Maybe we can figure out better ways to use the models that can run on cheap hardware.

GeorgeOldfield 10 hours ago [ - ]

gemini isn't even that good. just tested 3.5 on usual complex prompts to opus/chat 5.5. meh

k8sToGo 9 hours ago [ - ]

Are you really comparing flash to opus? Shouldn't you be comparing pro?

CognitiveLens 9 hours ago [ - ]

The benchmark tables in the Google announcement include Opus 4.7, and the numbers are very impressive.
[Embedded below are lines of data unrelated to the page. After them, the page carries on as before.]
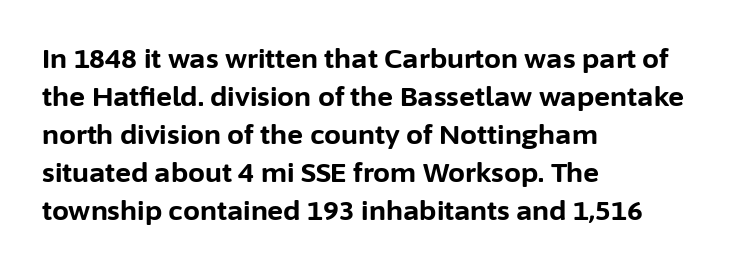
{"italic": "no", "bold": "yes", "underline": "no", "align": "left", "line_spacing": "normal", "line_spacing_ratio": 1.41, "letter_spacing": "normal", "letter_spacing_em": 0.0, "glyph_px": 27}
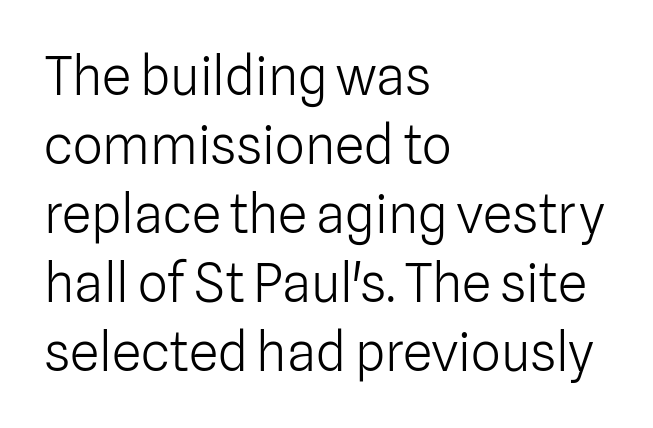
The image shows 53 px light sans-serif type, upright; set left-aligned, normal line spacing (1.3x), normal letter spacing, not underlined; low stroke contrast and a medium x-height.
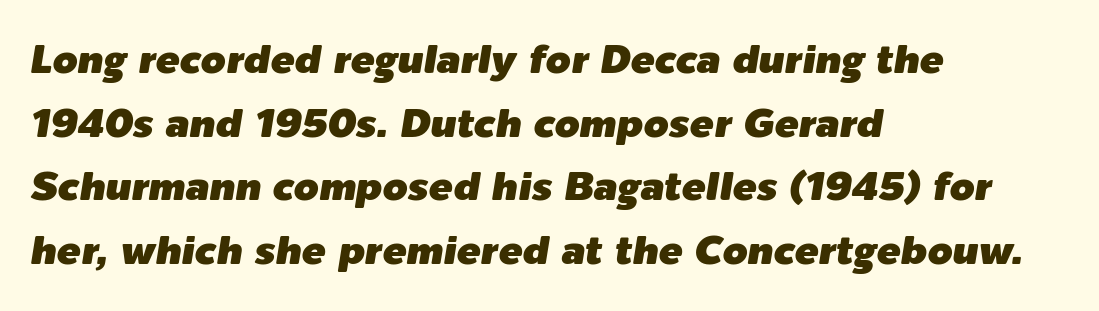
Q: Is the text italic (slanted)? A: Yes, it leans right by about 9 degrees.
Q: Is the text underlined? A: No.
Q: How is the paragraph aligned? A: Left-aligned.
Q: Is the spacing between letters normal or unusually wide? A: Normal.
Q: Is the spacing between lines tight, normal or loose? A: Normal.
Q: Width (condensed, normal, or wide)? A: Normal.
Q: Stroke contrast? A: Low.
Q: x-height? A: Medium.
Q: Monospaced? A: No.
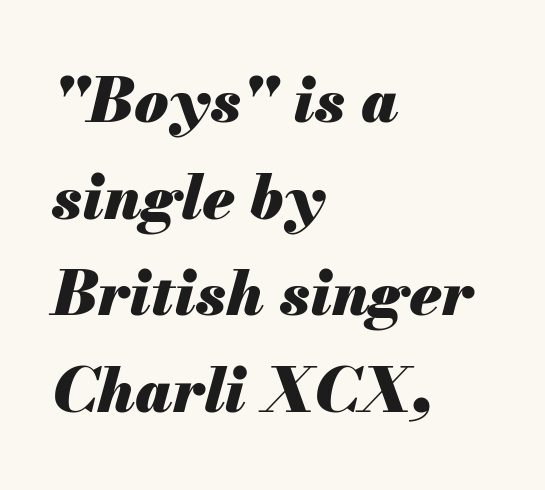
The image shows 62 px heavy type, italic (leaning right); set left-aligned, normal line spacing (1.56x), normal letter spacing, not underlined; medium stroke contrast and a small x-height.
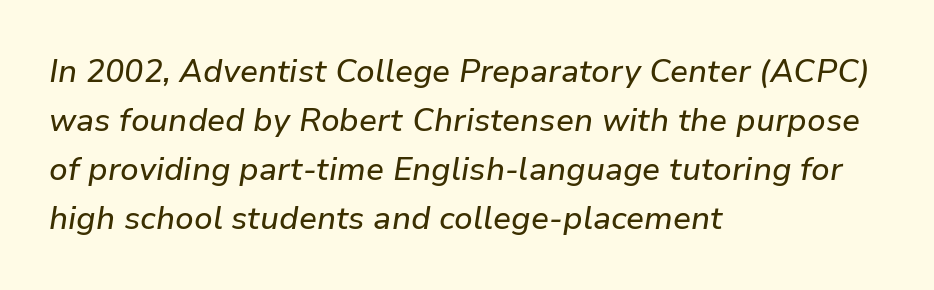
{"italic": "yes", "lean": "right", "slant_degrees": 9, "width": "normal", "stroke_contrast": "low", "x_height": "medium", "monospaced": "no", "underline": "no", "align": "left", "line_spacing": "normal", "line_spacing_ratio": 1.53, "letter_spacing": "normal", "letter_spacing_em": 0.0, "glyph_px": 32}
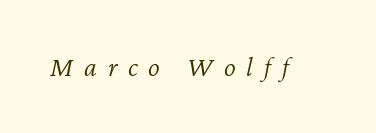
{"italic": "yes", "lean": "right", "slant_degrees": 12, "bold": "no", "weight": "light", "width": "normal", "stroke_contrast": "low", "x_height": "medium", "monospaced": "no", "underline": "no", "letter_spacing": "wide", "letter_spacing_em": 0.39, "glyph_px": 28}
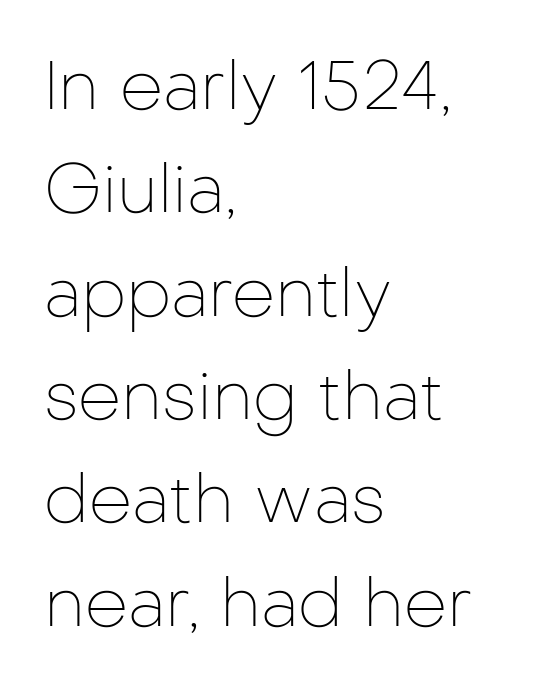
The image shows 68 px thin sans-serif type, upright; set left-aligned, normal line spacing (1.52x), normal letter spacing, not underlined; low stroke contrast and a medium x-height.
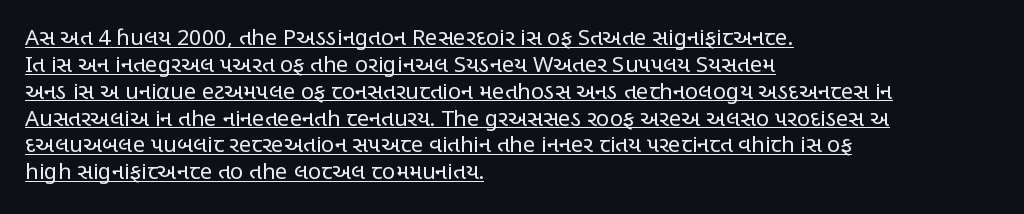
Q: Is the text bold? A: No.
Q: Is the text italic (slanted)? A: No, it is upright.
Q: Is the text underlined? A: Yes.
Q: How is the paragraph aligned? A: Left-aligned.
Q: Is the spacing between letters normal or unusually wide? A: Normal.
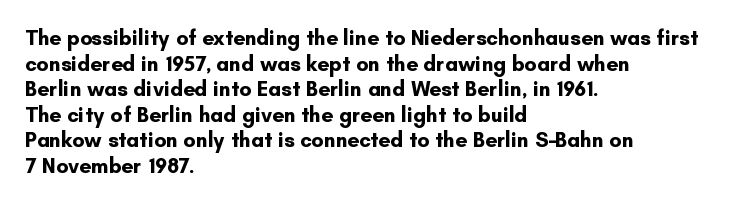
{"italic": "no", "bold": "yes", "underline": "no", "align": "left", "line_spacing_ratio": 1.22, "letter_spacing": "normal", "letter_spacing_em": 0.0, "glyph_px": 21}
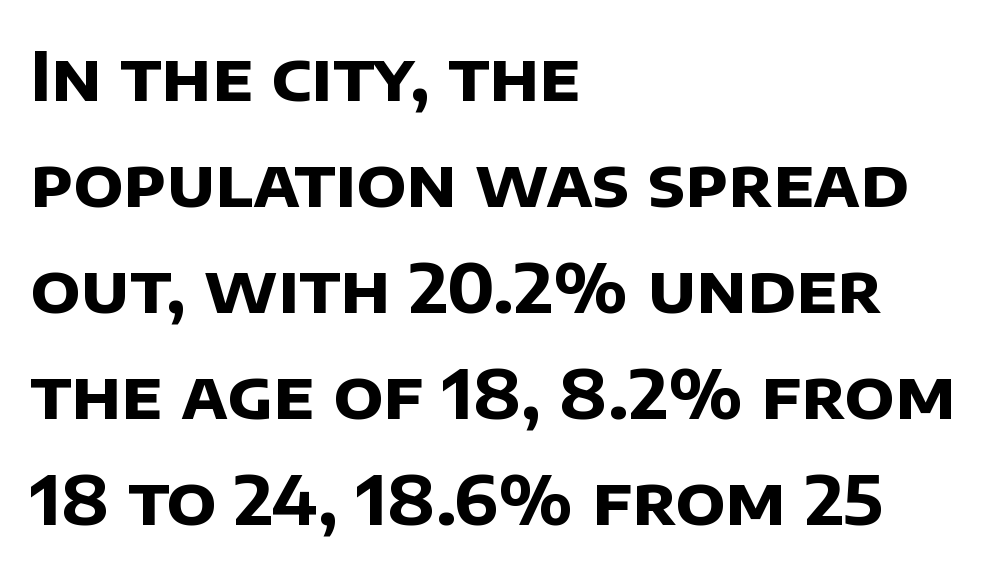
Q: Is the text bold? A: Yes.
Q: Is the typeface a serif or a sans-serif typeface? A: Sans-serif.
Q: Is the text underlined? A: No.
Q: How is the paragraph aligned? A: Left-aligned.
Q: Is the spacing between letters normal or unusually wide? A: Normal.
Q: Is the spacing between lines tight, normal or loose? A: Normal.
Q: Width (condensed, normal, or wide)? A: Normal.
Q: Stroke contrast? A: Low.
Q: x-height? A: Large.
Q: Monospaced? A: No.
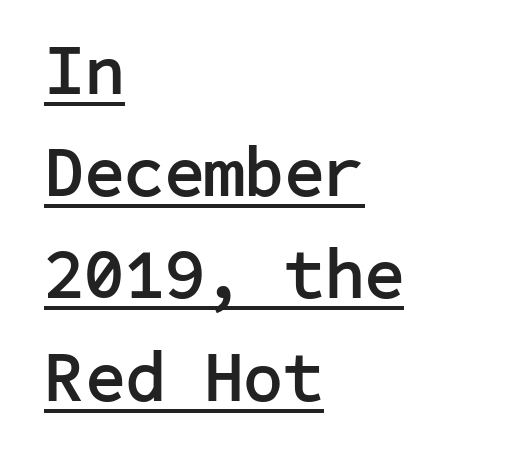
The image shows 70 px semibold sans-serif type, upright; set left-aligned, normal line spacing (1.46x), normal letter spacing, underlined; low stroke contrast and a medium x-height.
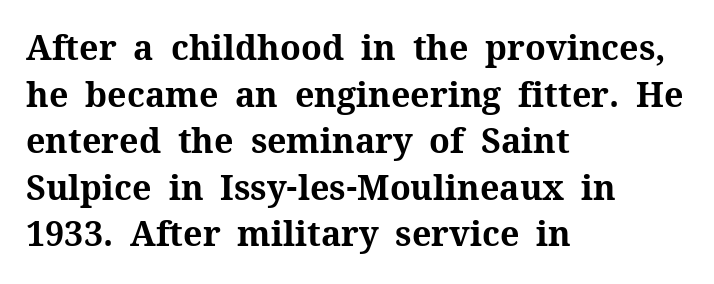
The face used here is proportionally spaced, like ordinary book or web type. This rendering employs a face with finishing strokes, i.e., a serif. Italic? Not at all — the glyphs are vertical. A dark, heavy texture on the line: the type is bold. There is no visible air inserted between adjacent glyphs. What's the leading like? Ordinary, nothing unusual.
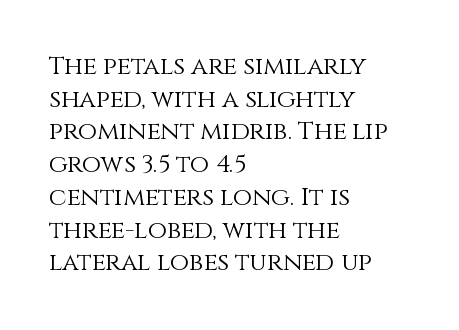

Caveat emptor, but it's not unreasonable to compare a new Flash to a current-gen Opus, even if some of the results confirm expectations

bachmeier 9 hours ago [ - ]

Who would have guessed that something costing roughly a third as much wouldn't do as well at certain tasks.

kmac_ 9 hours ago [ - ]

Well, the first impression is that Gemini still goes off the instruction rails easier than other models, but I noticed that it tends to go back to the initial goal without holding a hand, which is a real improvement. It's really interesting that these models behave so differently.